Roasted Shredded Brussels Sprouts Caesar with Crispy Garlic Breadcrumbs

Yields: 8 servings

| Prep Time | Cook Time | Total Time |

|-----------|-----------|------------|

| 15 minutes | 15 minutes | 30 minutes |


Ingredients

  • 2 pounds Brussels sprouts, trimmed and finely shredded

  • 2 tablespoons olive oil

  • 1 teaspoon kosher salt, plus extra to adjust seasoning to taste

  • ½ teaspoon freshly ground black pepper, plus more for finishing

  • 2 tablespoons creamy Caesar dressing, plus extra if you prefer a saucier side dish

  • Juice from ½ fresh lemon

  • ¾ cup grated Parmesan cheese, divided (add more to taste if desired)

  • 1.5 cups fresh breadcrumbs

  • 2 tablespoons unsalted butter

  • 1 clove garlic, pressed or finely minced


Instructions

  1. Preheat your oven to 450 degrees F (235 degrees C), then line two large baking sheets with parchment paper or aluminum foil for quick, easy cleanup later.

  2. Add the shredded Brussels sprouts to a large mixing bowl, then toss with olive oil, salt, and pepper until every piece of sprout is evenly coated.

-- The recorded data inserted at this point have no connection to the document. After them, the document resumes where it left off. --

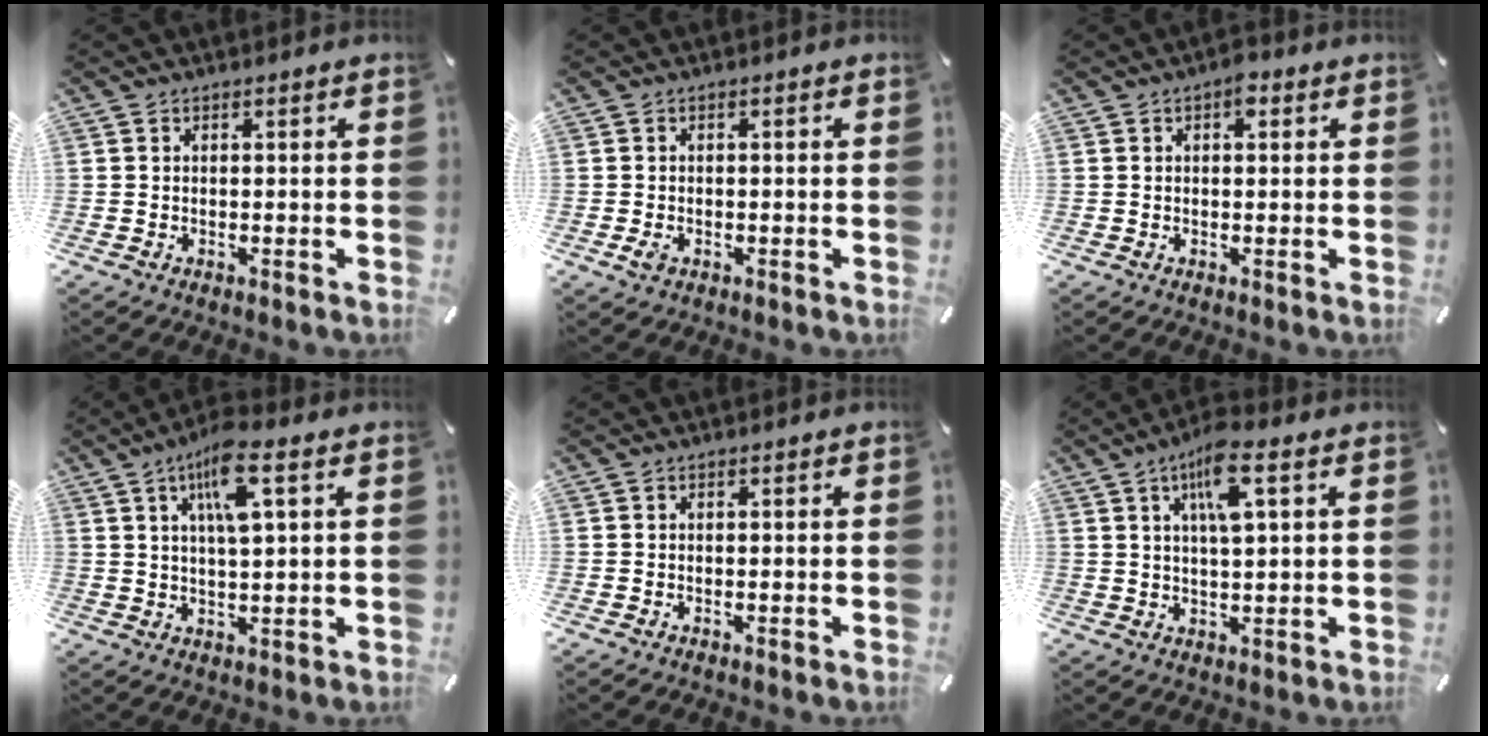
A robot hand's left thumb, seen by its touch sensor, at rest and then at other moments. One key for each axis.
{"total": 1.8, "fx": -0.7, "fy": 1.2, "fz": 1.1, "tx": -0.033, "ty": -0.001, "tz": -0.017}
{"total": 2.8, "fx": 0.9, "fy": 1.6, "fz": 2.2, "tx": -0.023, "ty": -0.001, "tz": 0.009}
{"total": 9.4, "fx": 4.2, "fy": 2.1, "fz": 8.1, "tx": -0.150, "ty": 0.000, "tz": 0.068}
{"total": 0.0}
{"total": 8.7, "fx": 3.8, "fy": 2.1, "fz": 7.5, "tx": -0.137, "ty": 0.001, "tz": 0.061}
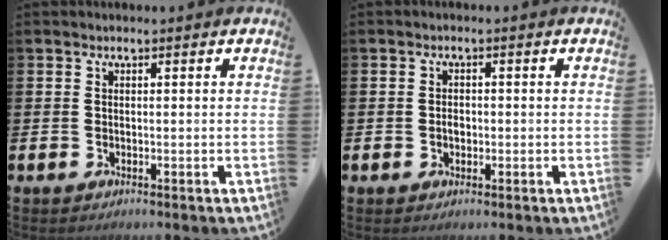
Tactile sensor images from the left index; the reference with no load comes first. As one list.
[{"total": 1.5, "force": [-0.2, 1.1, 1.0], "torque": [-0.009, 0.003, -0.008]}]
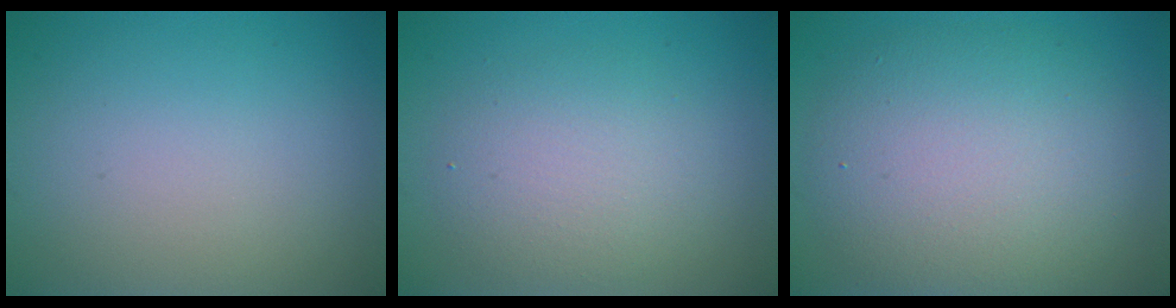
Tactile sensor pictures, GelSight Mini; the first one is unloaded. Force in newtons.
{"total": 3.8, "press": 3.8, "slide": 0.3}
{"total": 8.1, "press": 8.0, "slide": 0.6}
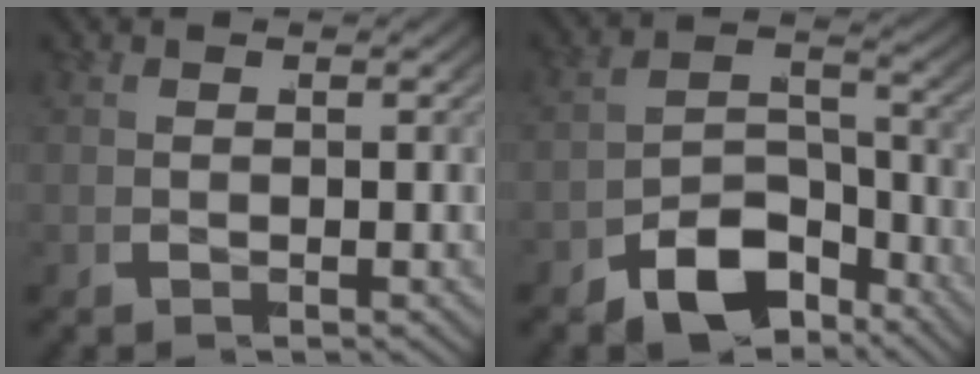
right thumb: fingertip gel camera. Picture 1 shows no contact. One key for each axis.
{"total": 6.9, "fx": -4.9, "fy": 4.0, "fz": 2.7, "tx": -0.040, "ty": -0.029, "tz": -0.081}

Spread the mixture out into a thin, uniform layer across your prepared baking sheets.

  3. Roast the sprouts in the preheated oven for about 10 minutes, rotating the baking sheets halfway through cooking to ensure even browning. Once done, the sprouts will be lightly browned and crisp around the edges. Remove them from the oven and let them cool completely to room temperature.

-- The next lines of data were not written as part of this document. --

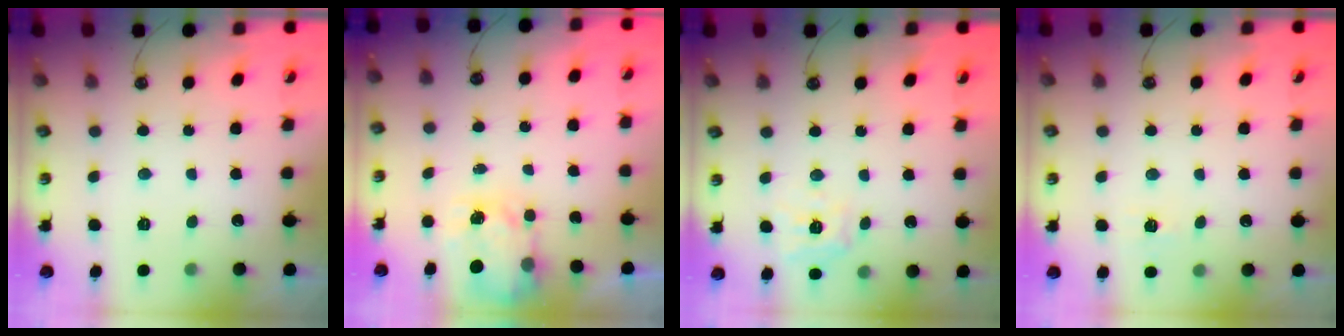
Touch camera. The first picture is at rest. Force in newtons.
{"total": 3.6, "press": 3.5, "slide": 0.6}
{"total": 11.3, "press": 11.3, "slide": 1.4}
{"total": 5.3, "press": 5.2, "slide": 0.5}
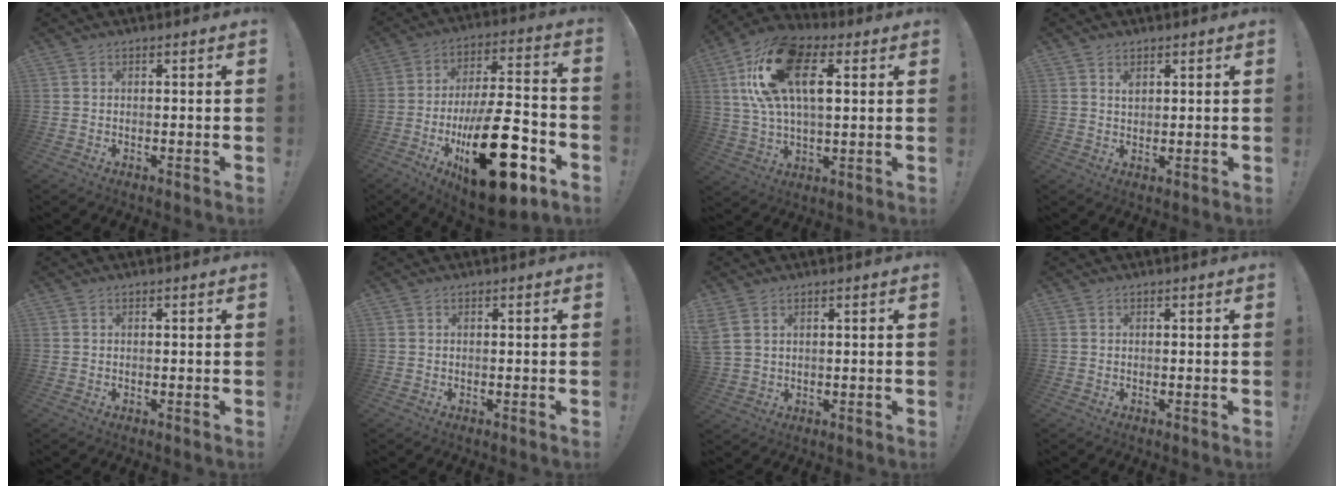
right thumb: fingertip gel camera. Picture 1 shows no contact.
{"total": 28.1, "force": [-10.0, 11.5, 23.7], "torque": [-0.392, 0.061, -0.148]}
{"total": 21.0, "force": [6.4, 11.7, 16.2], "torque": [-0.293, 0.003, 0.113]}
{"total": 1.8, "force": [1.3, 1.0, 0.8], "torque": [0.006, -0.010, 0.019]}
{"total": 0.0}
{"total": 0.0}
{"total": 4.5, "force": [2.4, 2.8, 2.6], "torque": [-0.067, -0.001, 0.049]}
{"total": 0.0}

  4. While the sprouts cool, melt the butter in a skillet over medium heat. Add the pressed garlic and cook for just 30 seconds, until it becomes fragrant. Stir in the breadcrumbs and cook, stirring often, until the crumbs turn golden brown and crispy. Remove from heat and set aside.

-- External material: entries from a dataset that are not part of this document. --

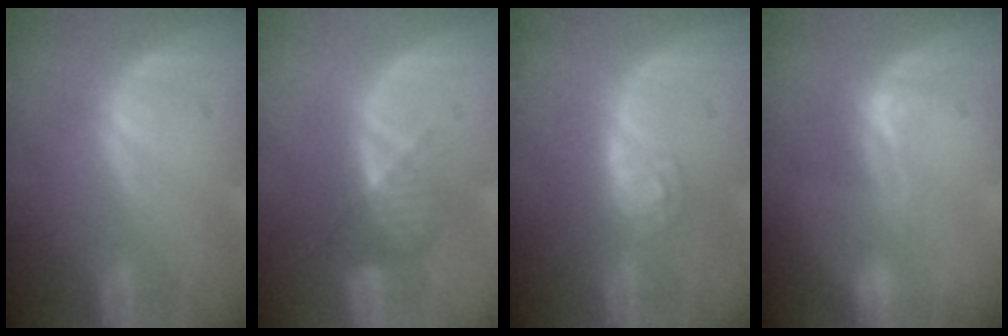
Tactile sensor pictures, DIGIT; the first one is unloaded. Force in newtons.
{"total": 3.5, "press": 3.3, "slide": 1.2}
{"total": 4.6, "press": 4.2, "slide": 1.9}
{"total": 2.2, "press": 1.7, "slide": 1.4}
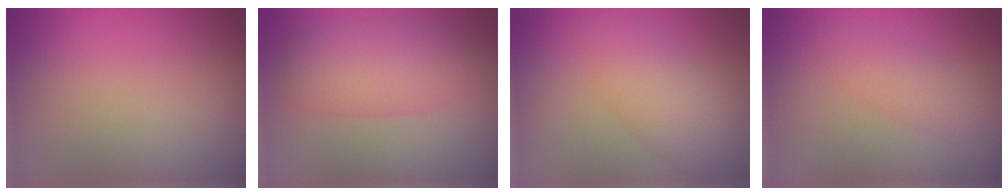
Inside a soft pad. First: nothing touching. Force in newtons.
{"total": 5.0, "press": 5.0, "slide": 0.2}
{"total": 3.0, "press": 3.0, "slide": 0.1}
{"total": 2.2, "press": 2.2, "slide": 0.1}

  5. Add the cooled roasted sprouts back to your mixing bowl, then toss with Caesar dressing and fresh lemon juice. Taste and add extra salt and pepper if needed. Grate roughly ¼ cup of Parmesan over the sprouts with a microplane, then toss to combine evenly.

  6. Transfer the dressed sprouts to a serving platter, then sprinkle two-thirds of the crispy garlic breadcrumbs over the top. Grate a generous heaping layer of the remaining Parmesan (about ½ cup, add more for extra cheesy flavor) over the breadcrumbs, then finish by sprinkling the remaining breadcrumbs on top. Serve immediately.